Hrishi: We actually have a feature for that – call it reverse replication. So it actually moves your application over to the other site, instantaneously, but also if you want to replicate it back, continuous writing or syncing back to the original site.
Jacob: In such case, without Astra if by human, it will become like SnapMirror resync, you have to run by yourself and run tridentctl input this or something like that.
Justin: So Hrishi I had another question, we can replicate data with SnapMirror… are we replicating those Kubernetes configurations so that we can automate standing up the cluster as it was on the other site very quickly?
Hrishi: Great question. So yeah, we talked a little bit about application consistency, the same concept is extended to DR, right? Every time we do an update of a SnapMirror, we actually take an application consistent snapshot. Remember that hooks and all that orchestration we do in Astra, we still do that. And then we take snapshots which are application consistent, number one. But we also go ahead and at the same time frame, take application objects. So you have not only volumes, which are replicated application consistently, but also the app objects, which are many, right? With Kubernetes, you have logical objects. We take a copy of all of that, store it in Astra. So when you’re ready to fail over, you get all those objects ready and restored instantaneously, right? That’s what Jacob was alluding to with a single click of a button, you can now have your app with that consistency point.
Justin: So Jacob, let’s kind of just wrap this up by asking you, what is your wish list? Like you’ve heard about what we have now. So what sort of things are you looking for to be added in future releases?
Jacob: So our feature list is something like if the Astra can expose more things for the monitoring, then that will be great. Because, you know, what we want is something like integrated with our Splunk, or if it can expose some of the API for us so that we can do some automation and monitor it.
Justin: Hrishi, I’m sure you’re taking these notes down or you’ve already gotten these notes.
Hrishi: Yes, we actually have features written up for these, these are great points and we have heard them across the board. So we have open metrics end points, which can be integrated into customer environments. We are enhancing them to keep pace with the feature development, obviously, but we also have a rich suite of Cloud Insights monitoring and telemetry and advanced insights integrated as well. It’s a start, but we need feedback from customers like Jacob on what’s the direction we want to take it.
Justin: All right. Excellent. Well, I won’t take any more of your time. Jacob. I appreciate you coming onto the podcast and talking to us about your Astra experiences as well as your NetApp experiences. Again, if we wanted to reach you, how do we do that?
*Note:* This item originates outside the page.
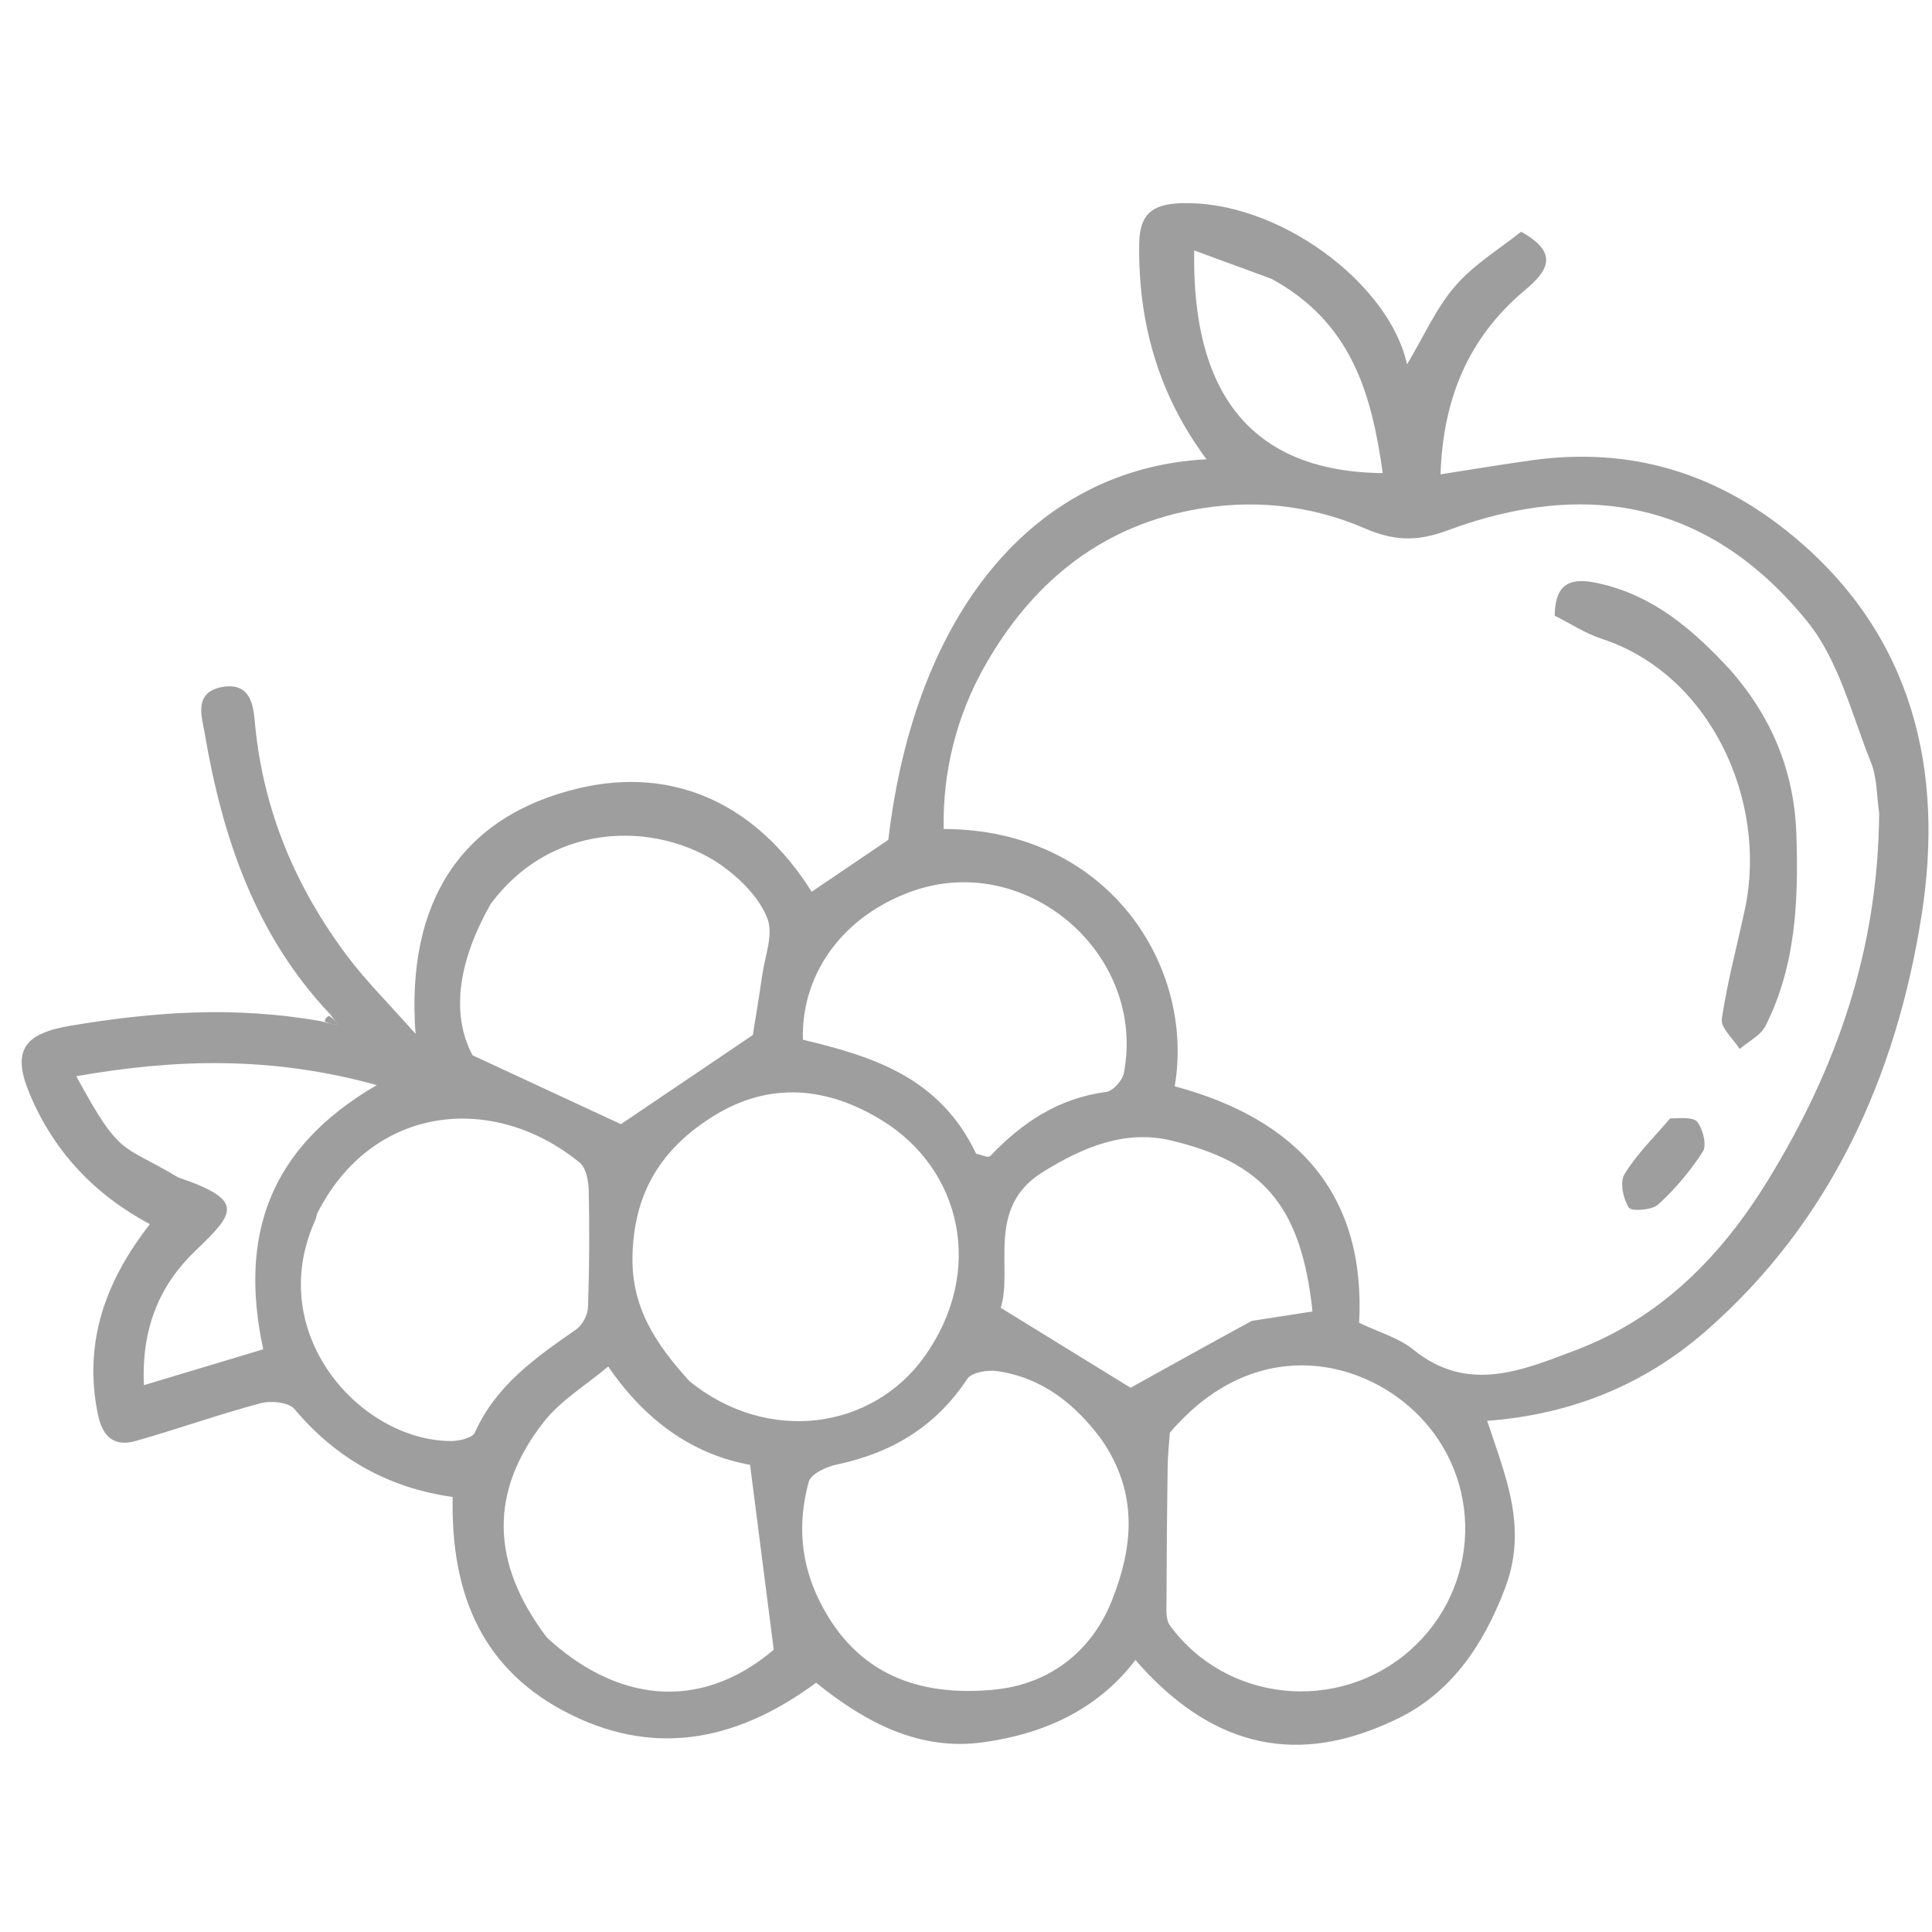 <svg xmlns="http://www.w3.org/2000/svg" width="43" height="43" viewBox="0 0 43 43" fill="none"><path d="M7.356 22.583C5.684 20.821 4.947 18.634 4.554 16.308C4.496 15.966 4.297 15.411 4.941 15.291C5.637 15.162 5.647 15.821 5.679 16.151C5.87 18.068 6.588 19.759 7.729 21.279C8.139 21.826 8.63 22.311 9.249 23.011C9.028 20.062 10.277 18.159 12.887 17.543C15.027 17.038 16.862 17.926 18.065 19.848C18.651 19.451 19.187 19.087 19.771 18.692C20.364 13.642 23.009 10.423 26.853 10.222C25.782 8.782 25.329 7.179 25.355 5.421C25.365 4.785 25.625 4.55 26.258 4.524C28.433 4.435 30.922 6.302 31.316 8.11C31.692 7.482 31.964 6.855 32.391 6.363C32.809 5.881 33.383 5.535 33.854 5.158C34.756 5.654 34.404 6.068 33.923 6.473C32.669 7.53 32.115 8.895 32.062 10.557C32.792 10.444 33.449 10.333 34.108 10.242C36.291 9.943 38.205 10.519 39.909 11.931C42.601 14.162 43.266 17.178 42.771 20.353C42.216 23.913 40.766 27.188 37.951 29.638C36.595 30.818 34.971 31.484 33.1 31.623C33.497 32.84 34.016 33.984 33.496 35.353C33.01 36.635 32.283 37.679 31.118 38.246C29.538 39.014 27.41 39.412 25.271 36.946C24.419 38.068 23.206 38.595 21.883 38.778C20.481 38.972 19.285 38.358 18.164 37.452C16.51 38.672 14.698 39.138 12.724 38.171C10.742 37.2 10.031 35.5 10.075 33.318C8.664 33.12 7.486 32.472 6.554 31.361C6.426 31.209 6.031 31.169 5.801 31.231C4.866 31.481 3.952 31.807 3.021 32.071C2.533 32.209 2.279 31.973 2.177 31.471C1.852 29.87 2.351 28.507 3.336 27.246C2.116 26.594 1.214 25.65 0.67 24.37C0.254 23.391 0.52 23.006 1.565 22.83C3.396 22.522 5.22 22.386 7.152 22.73C7.333 22.791 7.424 22.797 7.515 22.804C7.462 22.73 7.409 22.657 7.356 22.583ZM41.824 18.099C41.768 17.722 41.781 17.317 41.643 16.973C41.214 15.905 40.926 14.7 40.227 13.836C38.08 11.184 35.338 10.643 32.213 11.807C31.504 12.071 30.994 12.025 30.378 11.76C29.14 11.227 27.843 11.1 26.524 11.353C24.429 11.754 22.933 13.029 21.919 14.821C21.3 15.913 20.978 17.152 21.003 18.451C24.664 18.455 26.602 21.507 26.145 24.177C28.873 24.91 30.401 26.577 30.25 29.441C30.695 29.655 31.135 29.776 31.459 30.04C32.669 31.023 33.888 30.496 35.056 30.056C36.96 29.337 38.317 27.96 39.37 26.234C40.871 23.777 41.8 21.159 41.824 18.099ZM15.348 30.744C17.097 32.154 19.417 31.818 20.578 30.19C21.925 28.3 21.406 26.029 19.633 24.938C18.422 24.192 17.131 24.054 15.862 24.851C14.726 25.566 14.109 26.533 14.077 27.952C14.052 29.103 14.592 29.909 15.348 30.744ZM26.037 31.888C26.02 32.136 25.991 32.384 25.988 32.632C25.974 33.623 25.965 34.614 25.963 35.605C25.963 35.798 25.938 36.039 26.038 36.176C27.29 37.893 29.786 38.14 31.384 36.73C32.953 35.345 33.044 32.919 31.505 31.434C30.218 30.194 27.87 29.735 26.037 31.888ZM24.52 32.045C23.931 31.248 23.197 30.66 22.19 30.516C21.975 30.486 21.623 30.546 21.527 30.691C20.825 31.756 19.841 32.34 18.616 32.598C18.386 32.646 18.046 32.807 17.999 32.982C17.753 33.889 17.809 34.776 18.248 35.65C19.063 37.271 20.449 37.762 22.11 37.608C23.36 37.491 24.303 36.756 24.756 35.601C25.2 34.466 25.359 33.266 24.52 32.045ZM7.058 27.01C7.043 27.062 7.035 27.117 7.013 27.166C5.878 29.677 8.012 32.059 10.029 32.073C10.214 32.075 10.514 32.006 10.569 31.884C11.039 30.831 11.927 30.212 12.825 29.588C12.964 29.491 13.081 29.265 13.087 29.094C13.118 28.234 13.121 27.372 13.104 26.511C13.099 26.295 13.049 25.997 12.904 25.878C10.995 24.315 8.294 24.567 7.058 27.01ZM10.921 20.12C10.245 21.305 10 22.522 10.518 23.488C11.779 24.073 12.809 24.551 13.82 25.02C14.692 24.431 15.683 23.761 16.756 23.036C16.806 22.719 16.892 22.211 16.965 21.702C17.025 21.282 17.215 20.805 17.083 20.452C16.922 20.021 16.54 19.623 16.159 19.333C14.814 18.31 12.366 18.175 10.921 20.12ZM12.171 36.445C13.671 37.836 15.531 38.148 17.221 36.718C17.036 35.273 16.869 33.969 16.694 32.602C15.531 32.393 14.432 31.724 13.537 30.414C13.043 30.83 12.481 31.165 12.104 31.646C10.895 33.186 10.908 34.779 12.171 36.445ZM21.725 25.678C21.832 25.699 21.996 25.775 22.037 25.732C22.749 24.984 23.561 24.441 24.619 24.303C24.77 24.283 24.981 24.049 25.013 23.886C25.521 21.25 22.873 18.956 20.343 19.822C18.857 20.33 17.832 21.581 17.869 23.14C19.413 23.512 20.911 23.966 21.725 25.678ZM27.86 29.399C28.312 29.329 28.765 29.259 29.212 29.189C28.957 26.782 28.07 25.865 26.062 25.383C25.038 25.137 24.087 25.538 23.203 26.09C21.929 26.884 22.554 28.241 22.272 29.107C23.311 29.747 24.306 30.359 25.163 30.887C26.009 30.417 26.87 29.937 27.86 29.399ZM3.96 26.203C5.453 26.713 5.244 26.982 4.351 27.836C3.562 28.591 3.145 29.547 3.203 30.829C4.139 30.548 4.997 30.29 5.859 30.031C5.322 27.54 5.96 25.56 8.386 24.151C6.039 23.5 3.897 23.567 1.697 23.953C2.697 25.793 2.705 25.444 3.96 26.203ZM28.3 6.206C27.747 6.003 27.195 5.8 26.579 5.574C26.534 8.166 27.387 10.494 30.775 10.53C30.53 8.778 30.088 7.181 28.3 6.206Z" fill="#3E3E3E" fill-opacity="0.5"></path><path d="M7.318 22.608C7.409 22.657 7.462 22.73 7.515 22.804C7.424 22.797 7.333 22.791 7.227 22.737C7.234 22.671 7.257 22.652 7.318 22.608Z" fill="#3E3E3E" fill-opacity="0.5"></path><path d="M38.513 14.914C39.459 15.996 39.936 17.196 39.982 18.581C40.03 20.047 39.97 21.491 39.296 22.831C39.188 23.045 38.916 23.177 38.72 23.347C38.579 23.123 38.293 22.878 38.322 22.679C38.443 21.854 38.664 21.044 38.838 20.226C39.343 17.854 38.093 15.022 35.659 14.221C35.285 14.098 34.944 13.874 34.602 13.704C34.613 12.971 34.959 12.846 35.572 12.981C36.786 13.248 37.665 13.995 38.513 14.914Z" fill="#3E3E3E" fill-opacity="0.5"></path><path d="M37.173 24.892C37.413 24.887 37.697 24.859 37.781 24.975C37.903 25.143 37.992 25.486 37.9 25.63C37.625 26.06 37.284 26.463 36.907 26.808C36.768 26.935 36.31 26.967 36.252 26.877C36.126 26.682 36.048 26.312 36.154 26.137C36.418 25.699 36.796 25.33 37.173 24.892Z" fill="#3E3E3E" fill-opacity="0.5"></path></svg>

Jacob: Yeah, you can email me.
Justin: All right. We’ll include that in the blog. And Hrishi?
Hrishi: You can reach me on email at email@example.com
Episode 341: NetApp Astra Control DR – Customer Perspectives (Hyland Conversation)
Justin Parisi: We have Casey Shenberger from Hyland here. So Casey, what do you do at Hyland? And how do we reach you?
Casey Shenberger: I am a cloud platform architect at Hyland, and I have been a primary storage administrator for ten years here now, so I manage all the storage for our hosted environments, basically, just email Casey.Shenberger@hyland.com.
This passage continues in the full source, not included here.